Thursday, 2 June 2016

Gezira Sporting Club

Founded in 1882 as a place for British expats to drink gin and pretend to play croquet, the GSC occupies a number of acres on the island of Zamalek in the very middle of Cairo.  It's not as good as it was, as the lefty Egyptian government of the 60s very unsportingly gave half the golf course to a youth club next door, but there are a number of attractions for the weary Cairene who is feeling weighed down by the world and his wallet.


Swimmers, runners and tennis and squash players are all catered for, and there are ponies for the use of spoilt children.  No one has a garden in Cairo, so the children not quite spoilt enough for a pony career around the club's grounds on bikes, skateboards and roller skates, and it's hard to walk from the entrance to the pool without getting run over.



The golfers are viewed with disgust by the rest, as their golf course could be converted into a beautiful car park.  The course is good, with a number of fine bunkers as sand is readily available.  There are decent practice facilities, although the putting green has been colonised by a number of stray kittens.  Don't ever use the practice bunker, which is in use as a latrine.  Next to the golf course is the dog area, where an enormous Alsatian named Bimbo is regularly shouted at by an assortment of small children.
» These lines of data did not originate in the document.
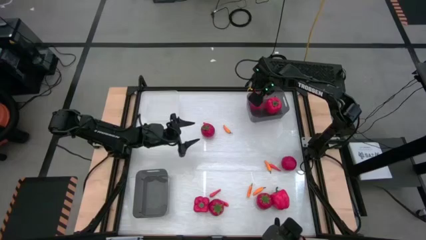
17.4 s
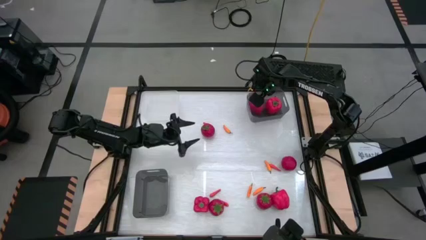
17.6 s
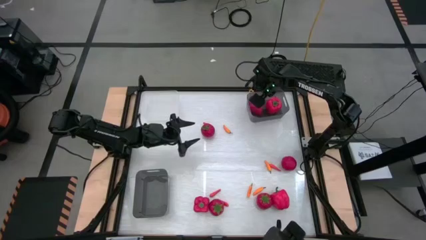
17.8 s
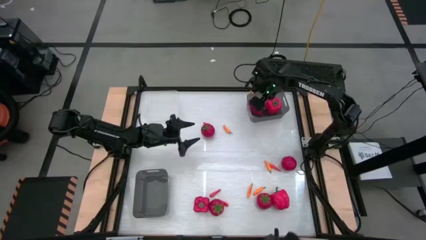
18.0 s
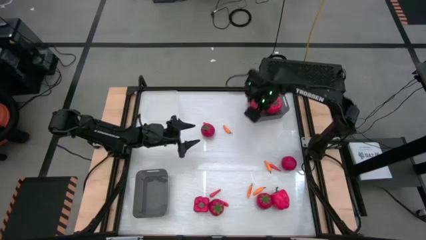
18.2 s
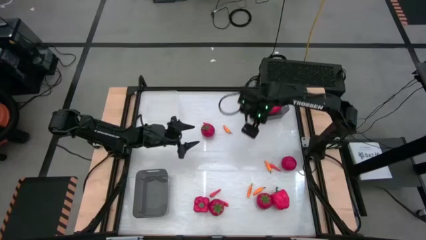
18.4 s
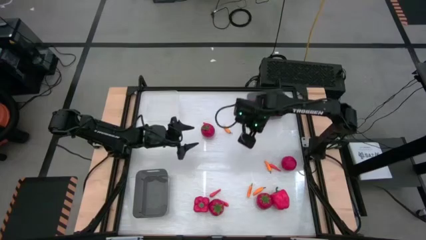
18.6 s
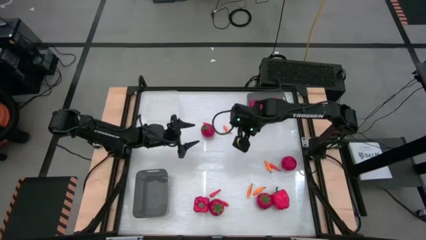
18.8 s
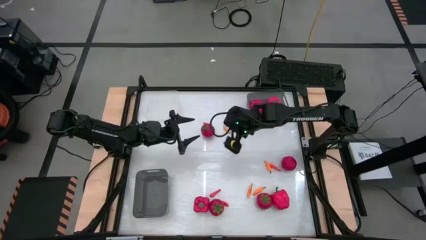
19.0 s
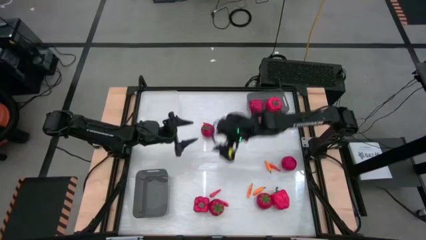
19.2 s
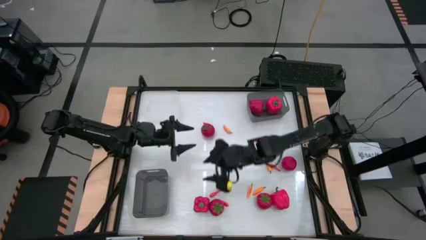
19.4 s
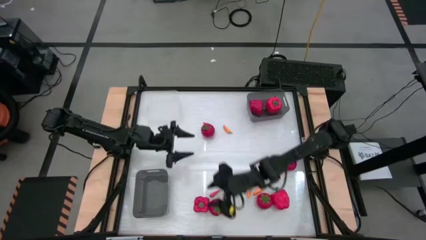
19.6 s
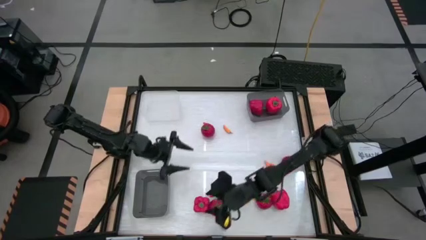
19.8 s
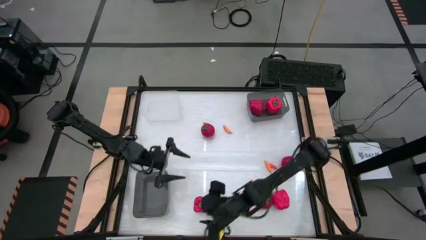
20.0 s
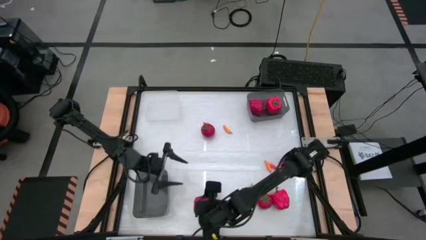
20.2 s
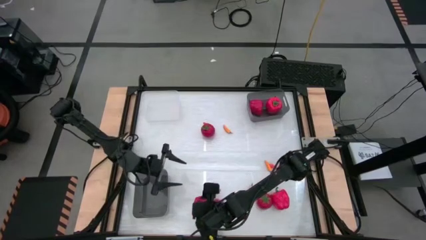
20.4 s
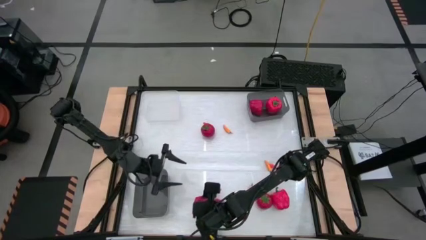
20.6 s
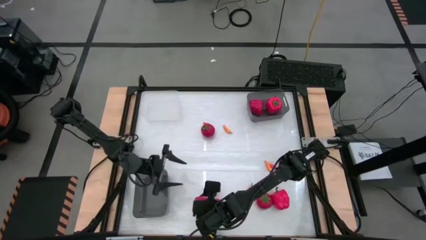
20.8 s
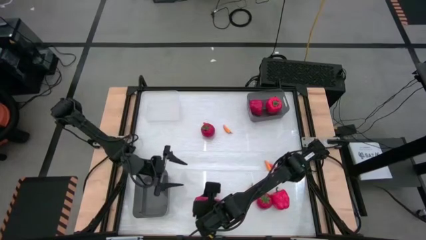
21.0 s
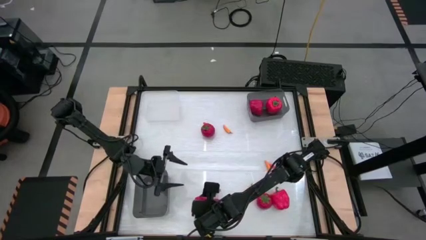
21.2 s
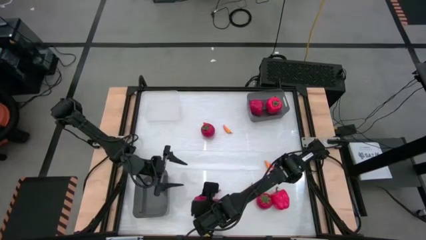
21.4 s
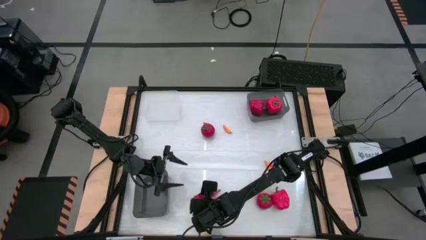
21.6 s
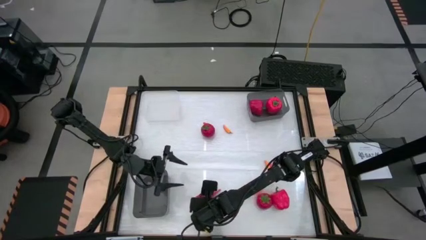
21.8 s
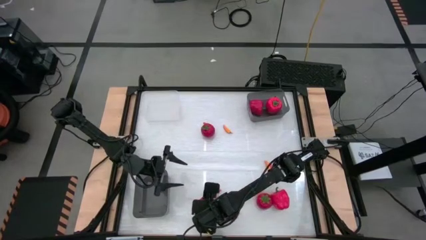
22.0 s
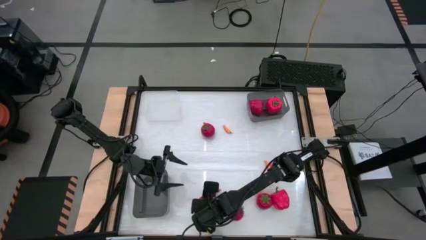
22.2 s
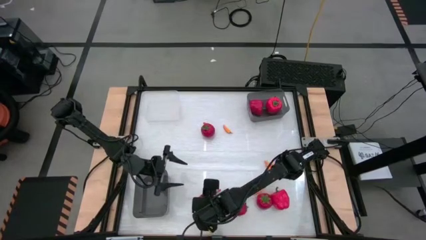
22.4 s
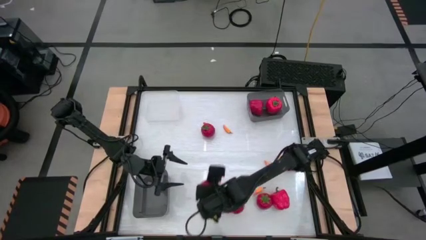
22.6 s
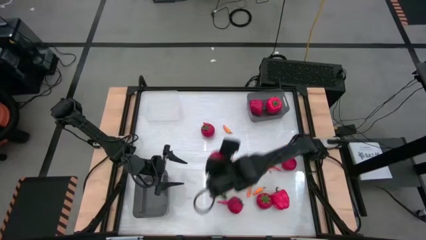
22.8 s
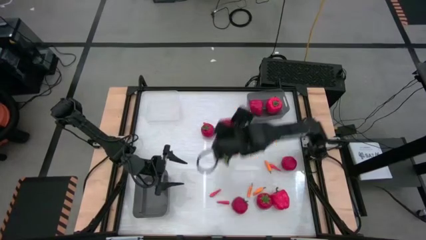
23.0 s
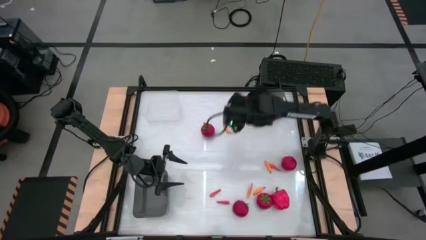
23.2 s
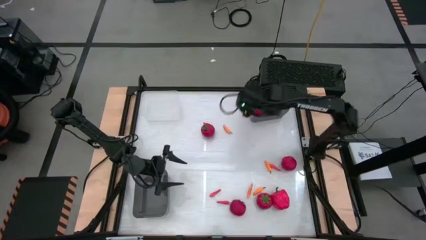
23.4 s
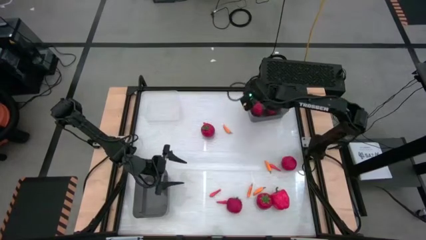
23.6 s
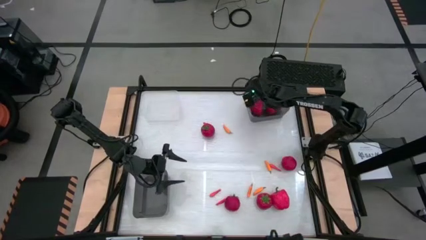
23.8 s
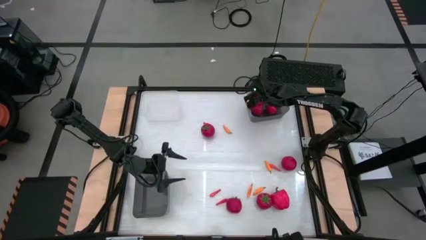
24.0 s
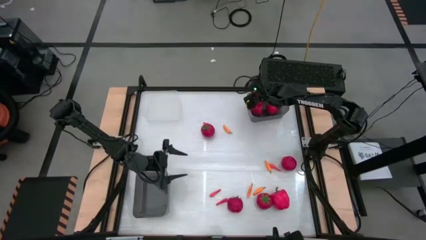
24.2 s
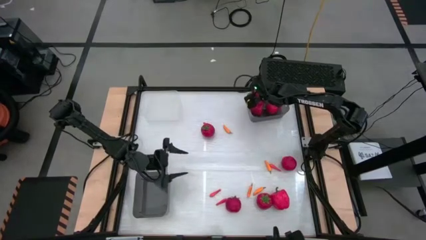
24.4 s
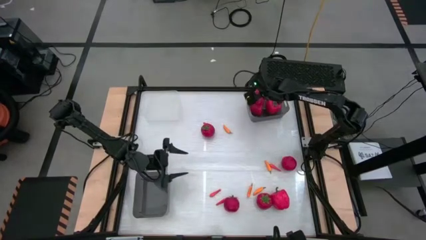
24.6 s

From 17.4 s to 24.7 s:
Task: Sort produce into baskets
Put the red bell pepper into the top black bin

I have had a few golf lessons with one of the resident pros, who gets through about 20 cigarettes during each hour long lesson and occasionally swigs from a coke can before tossing it nonchalantly into the nearest water hazard.  Part of the course used to be a botanical garden and there are some curious trees, including a few fake palm trees that are actually there to hold up PA speakers.


The club operates a kind of rent control that means that a family's membership will never increase in price.  Given that 90% of the families at the club have been members since the 1950s, this means that the handful of recent expat members are essentially bankrolling the entire operation.  The membership cards are glorious - mine says SIMON RANDALL in huge letters, and Caroline's says SIMON RANDALL in huge letters, followed by a modest c.millet underneath.  Quite right.



A bit of the golf course, with a real palm tree in the foreground.  The Ministry of Foreign Affairs is just behind the trees.